Dataset excerpts:

____________

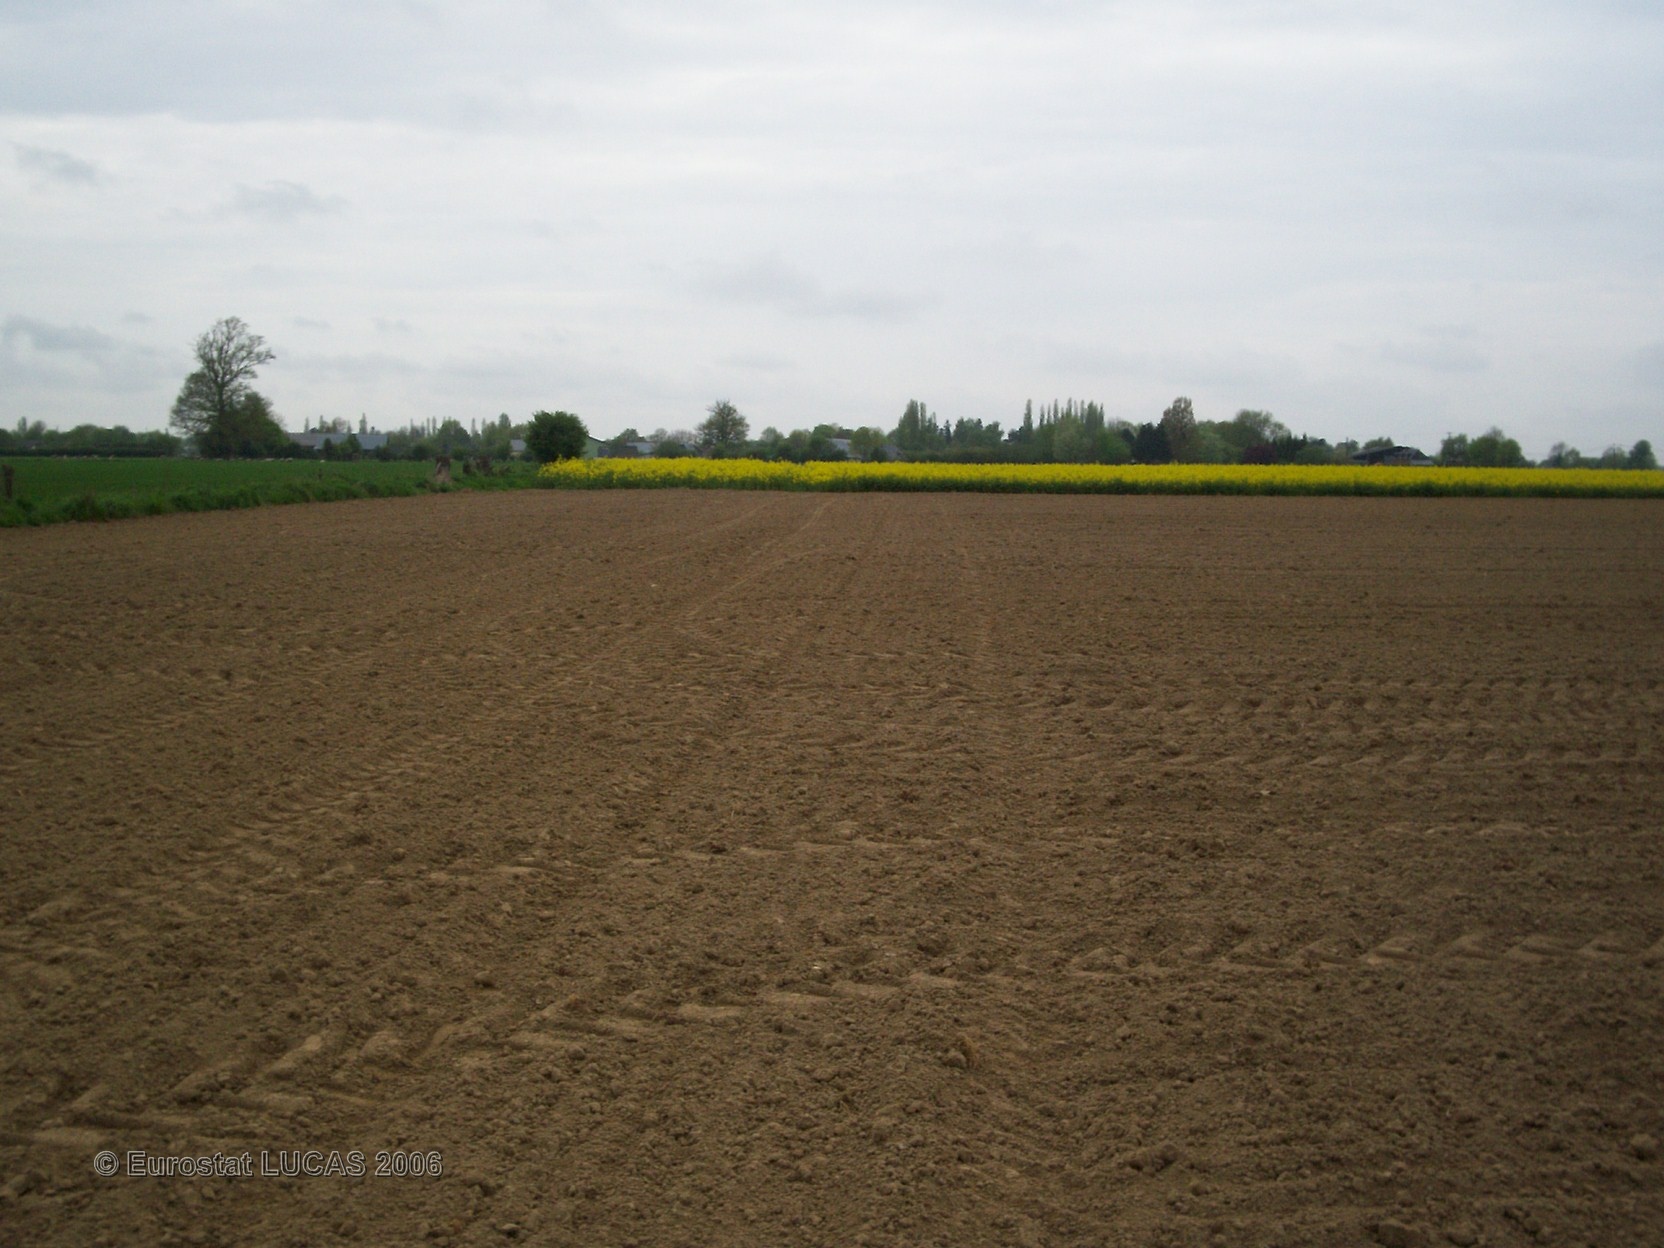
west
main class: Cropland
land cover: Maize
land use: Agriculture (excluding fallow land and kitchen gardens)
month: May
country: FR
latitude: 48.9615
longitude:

____________

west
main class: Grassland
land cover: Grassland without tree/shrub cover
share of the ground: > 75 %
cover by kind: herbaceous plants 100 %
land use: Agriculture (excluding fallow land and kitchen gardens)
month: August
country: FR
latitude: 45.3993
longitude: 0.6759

____________

### Aim of the exercise
Copy the records above exactly, beginning at the line that contains "land cover: Grassland" and stopping after the line that contains "longitude: 0.6759".

### Answer below
land cover: Grassland without tree/shrub cover
share of the ground: > 75 %
cover by kind: herbaceous plants 100 %
land use: Agriculture (excluding fallow land and kitchen gardens)
month: August
country: FR
latitude: 45.3993
longitude: 0.6759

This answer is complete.